Work, Energy and Power: Application Problems (7)

Question

A pump lifts $200\,\text{kg}$ of water per minute from a depth of $10\,\text{m}$ and delivers it with a speed of $20\,\text{m/s}$. Find the power of the pump. Take $g = 10\,\text{m/s}^2$.

Solution — Step by Step

The power of the pump is $1000\,\text{W}$ or $1\,\text{kW}$.

Why This Works

Power is energy per unit time. Whenever you see “per minute” or “per second” in the question, switch your thinking to rates. The water gains both PE (lifted height) and KE (delivery speed), so total mechanical energy per second is $\dot{m}(gh + \tfrac{1}{2}v^2)$.
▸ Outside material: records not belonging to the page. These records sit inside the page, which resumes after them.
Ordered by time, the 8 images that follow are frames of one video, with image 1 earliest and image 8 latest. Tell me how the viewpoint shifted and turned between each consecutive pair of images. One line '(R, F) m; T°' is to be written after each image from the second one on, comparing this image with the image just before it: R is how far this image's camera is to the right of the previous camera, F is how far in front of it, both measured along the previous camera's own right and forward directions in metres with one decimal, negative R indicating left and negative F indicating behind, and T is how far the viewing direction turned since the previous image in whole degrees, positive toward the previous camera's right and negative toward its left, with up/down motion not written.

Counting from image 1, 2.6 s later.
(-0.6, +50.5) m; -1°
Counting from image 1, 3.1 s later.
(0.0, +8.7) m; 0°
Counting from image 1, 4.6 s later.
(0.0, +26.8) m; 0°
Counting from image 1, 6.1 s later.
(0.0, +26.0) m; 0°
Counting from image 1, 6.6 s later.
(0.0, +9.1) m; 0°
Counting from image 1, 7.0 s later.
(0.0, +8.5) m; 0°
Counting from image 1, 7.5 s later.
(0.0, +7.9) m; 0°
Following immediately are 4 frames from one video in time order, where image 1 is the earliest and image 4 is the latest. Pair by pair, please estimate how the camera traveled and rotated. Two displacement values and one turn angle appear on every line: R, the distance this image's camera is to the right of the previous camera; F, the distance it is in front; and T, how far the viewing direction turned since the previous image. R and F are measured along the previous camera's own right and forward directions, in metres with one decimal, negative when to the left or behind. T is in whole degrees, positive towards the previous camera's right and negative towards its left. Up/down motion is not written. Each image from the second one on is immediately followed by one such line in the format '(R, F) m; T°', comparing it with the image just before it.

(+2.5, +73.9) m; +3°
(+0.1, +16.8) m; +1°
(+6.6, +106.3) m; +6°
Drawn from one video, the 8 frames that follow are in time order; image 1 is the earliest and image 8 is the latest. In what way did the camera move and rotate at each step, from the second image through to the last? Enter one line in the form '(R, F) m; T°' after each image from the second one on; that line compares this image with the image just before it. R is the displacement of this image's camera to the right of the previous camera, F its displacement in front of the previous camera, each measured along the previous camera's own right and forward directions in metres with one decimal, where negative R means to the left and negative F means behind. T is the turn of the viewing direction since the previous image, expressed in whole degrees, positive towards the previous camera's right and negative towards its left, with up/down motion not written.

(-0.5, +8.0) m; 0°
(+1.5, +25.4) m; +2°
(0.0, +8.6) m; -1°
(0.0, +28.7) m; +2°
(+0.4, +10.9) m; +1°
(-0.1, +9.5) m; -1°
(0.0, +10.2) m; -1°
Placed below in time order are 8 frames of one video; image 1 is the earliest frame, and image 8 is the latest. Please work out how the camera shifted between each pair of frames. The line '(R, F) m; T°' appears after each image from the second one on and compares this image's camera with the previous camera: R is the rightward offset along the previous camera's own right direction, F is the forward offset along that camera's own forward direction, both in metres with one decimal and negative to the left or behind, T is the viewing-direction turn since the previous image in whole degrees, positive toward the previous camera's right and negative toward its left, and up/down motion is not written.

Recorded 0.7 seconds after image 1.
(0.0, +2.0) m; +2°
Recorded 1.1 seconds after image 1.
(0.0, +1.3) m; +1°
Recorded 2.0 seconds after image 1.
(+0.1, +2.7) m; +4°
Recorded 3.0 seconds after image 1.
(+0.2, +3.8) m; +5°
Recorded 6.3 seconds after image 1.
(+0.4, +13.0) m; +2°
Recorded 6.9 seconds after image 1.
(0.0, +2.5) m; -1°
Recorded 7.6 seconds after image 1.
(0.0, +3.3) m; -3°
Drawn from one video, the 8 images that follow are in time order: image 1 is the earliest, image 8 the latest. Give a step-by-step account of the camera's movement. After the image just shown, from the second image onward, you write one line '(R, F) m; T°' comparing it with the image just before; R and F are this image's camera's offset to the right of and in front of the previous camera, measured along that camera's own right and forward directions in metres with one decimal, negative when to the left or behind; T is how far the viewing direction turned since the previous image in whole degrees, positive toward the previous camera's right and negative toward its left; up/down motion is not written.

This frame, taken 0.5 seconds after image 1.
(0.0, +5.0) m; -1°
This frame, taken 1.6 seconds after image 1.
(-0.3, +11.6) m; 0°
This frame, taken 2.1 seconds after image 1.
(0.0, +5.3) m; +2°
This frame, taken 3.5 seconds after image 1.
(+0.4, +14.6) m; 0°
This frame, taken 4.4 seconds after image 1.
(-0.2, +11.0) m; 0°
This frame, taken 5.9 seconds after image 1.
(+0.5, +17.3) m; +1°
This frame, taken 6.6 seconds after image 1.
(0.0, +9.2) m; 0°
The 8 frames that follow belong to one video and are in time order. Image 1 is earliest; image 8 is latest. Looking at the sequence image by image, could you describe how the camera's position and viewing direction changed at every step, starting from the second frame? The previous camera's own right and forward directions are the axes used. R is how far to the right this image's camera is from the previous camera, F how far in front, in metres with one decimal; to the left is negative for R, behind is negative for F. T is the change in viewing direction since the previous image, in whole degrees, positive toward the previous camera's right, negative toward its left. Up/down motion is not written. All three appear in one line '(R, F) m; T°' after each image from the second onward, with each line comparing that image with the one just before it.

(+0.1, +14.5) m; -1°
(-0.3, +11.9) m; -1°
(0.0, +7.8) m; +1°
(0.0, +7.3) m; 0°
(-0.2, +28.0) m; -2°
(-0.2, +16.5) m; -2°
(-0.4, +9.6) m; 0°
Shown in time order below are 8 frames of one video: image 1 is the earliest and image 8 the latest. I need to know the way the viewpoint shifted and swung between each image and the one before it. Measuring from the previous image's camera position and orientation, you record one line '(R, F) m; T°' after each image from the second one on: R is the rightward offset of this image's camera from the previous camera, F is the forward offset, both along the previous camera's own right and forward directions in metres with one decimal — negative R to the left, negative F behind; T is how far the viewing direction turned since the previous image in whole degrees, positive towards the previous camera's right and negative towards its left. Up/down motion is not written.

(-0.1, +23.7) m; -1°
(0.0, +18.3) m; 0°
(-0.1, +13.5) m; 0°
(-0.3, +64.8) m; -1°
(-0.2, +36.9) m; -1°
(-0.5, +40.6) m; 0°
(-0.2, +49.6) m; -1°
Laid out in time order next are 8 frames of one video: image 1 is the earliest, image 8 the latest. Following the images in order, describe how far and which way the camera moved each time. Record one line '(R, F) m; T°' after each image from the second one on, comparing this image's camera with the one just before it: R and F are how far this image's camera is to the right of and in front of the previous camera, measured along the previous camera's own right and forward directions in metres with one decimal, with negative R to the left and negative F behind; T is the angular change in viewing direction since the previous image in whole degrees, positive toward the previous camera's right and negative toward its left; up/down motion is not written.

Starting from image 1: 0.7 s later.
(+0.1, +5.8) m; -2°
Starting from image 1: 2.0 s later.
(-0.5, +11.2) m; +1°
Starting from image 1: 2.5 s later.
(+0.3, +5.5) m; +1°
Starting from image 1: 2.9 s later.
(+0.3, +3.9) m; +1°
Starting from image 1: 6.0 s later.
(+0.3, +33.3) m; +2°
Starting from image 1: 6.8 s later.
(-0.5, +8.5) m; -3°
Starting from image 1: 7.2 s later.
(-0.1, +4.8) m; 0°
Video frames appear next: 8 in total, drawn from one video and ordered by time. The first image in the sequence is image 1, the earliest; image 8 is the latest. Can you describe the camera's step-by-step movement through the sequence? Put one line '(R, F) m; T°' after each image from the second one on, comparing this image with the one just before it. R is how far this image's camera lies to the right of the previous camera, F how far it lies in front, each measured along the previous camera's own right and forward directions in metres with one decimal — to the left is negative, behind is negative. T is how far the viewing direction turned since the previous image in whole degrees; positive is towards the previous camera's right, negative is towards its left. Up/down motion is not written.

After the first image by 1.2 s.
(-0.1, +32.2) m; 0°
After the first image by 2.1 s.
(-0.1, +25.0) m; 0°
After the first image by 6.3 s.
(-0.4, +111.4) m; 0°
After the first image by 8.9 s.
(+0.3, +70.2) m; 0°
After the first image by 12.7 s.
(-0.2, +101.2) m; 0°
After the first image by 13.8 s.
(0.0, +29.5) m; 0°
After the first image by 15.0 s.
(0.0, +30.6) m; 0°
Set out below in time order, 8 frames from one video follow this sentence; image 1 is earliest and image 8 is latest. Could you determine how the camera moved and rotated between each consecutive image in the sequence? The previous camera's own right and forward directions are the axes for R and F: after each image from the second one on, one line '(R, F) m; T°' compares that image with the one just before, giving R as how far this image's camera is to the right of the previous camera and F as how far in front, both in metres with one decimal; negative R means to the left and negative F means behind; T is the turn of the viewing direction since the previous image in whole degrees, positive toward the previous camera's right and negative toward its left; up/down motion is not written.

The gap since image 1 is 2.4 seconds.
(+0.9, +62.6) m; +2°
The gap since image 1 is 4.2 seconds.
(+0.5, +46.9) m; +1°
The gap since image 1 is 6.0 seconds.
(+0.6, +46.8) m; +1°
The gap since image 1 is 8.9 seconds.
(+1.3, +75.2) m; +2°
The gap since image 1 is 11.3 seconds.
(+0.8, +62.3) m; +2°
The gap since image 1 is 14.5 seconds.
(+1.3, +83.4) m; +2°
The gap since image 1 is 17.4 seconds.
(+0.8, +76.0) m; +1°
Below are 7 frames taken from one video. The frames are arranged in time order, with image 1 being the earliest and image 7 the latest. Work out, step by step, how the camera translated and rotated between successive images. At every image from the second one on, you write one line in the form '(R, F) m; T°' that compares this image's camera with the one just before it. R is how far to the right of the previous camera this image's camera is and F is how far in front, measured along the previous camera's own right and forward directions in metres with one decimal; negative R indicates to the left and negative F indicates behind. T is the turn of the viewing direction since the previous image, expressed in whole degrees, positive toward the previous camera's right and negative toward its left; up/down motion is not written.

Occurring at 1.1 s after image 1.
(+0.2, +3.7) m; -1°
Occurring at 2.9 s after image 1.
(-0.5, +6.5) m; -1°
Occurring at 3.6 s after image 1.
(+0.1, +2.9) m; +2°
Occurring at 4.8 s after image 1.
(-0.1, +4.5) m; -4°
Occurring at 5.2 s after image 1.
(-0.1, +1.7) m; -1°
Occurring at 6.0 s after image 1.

The mass per second is the natural quantity for flow problems. Once you have $\dot{m}$, multiplying by energy per kilogram gives power directly.

Alternative Method

Compute total energy per minute, then divide by $60$. Energy per minute $= 200 \times (100 + 200) = 60{,}000\,\text{J}$. Power $= 60000/60 = 1000\,\text{W}$. Same answer, slightly slower.

Common Mistake

Forgetting the kinetic energy term. Many students compute only $P = \dot{m}gh = 333\,\text{W}$ and pick the wrong option. The phrase “delivers it with a speed of $20\,\text{m/s}$” is the giveaway — if speed is mentioned, KE matters.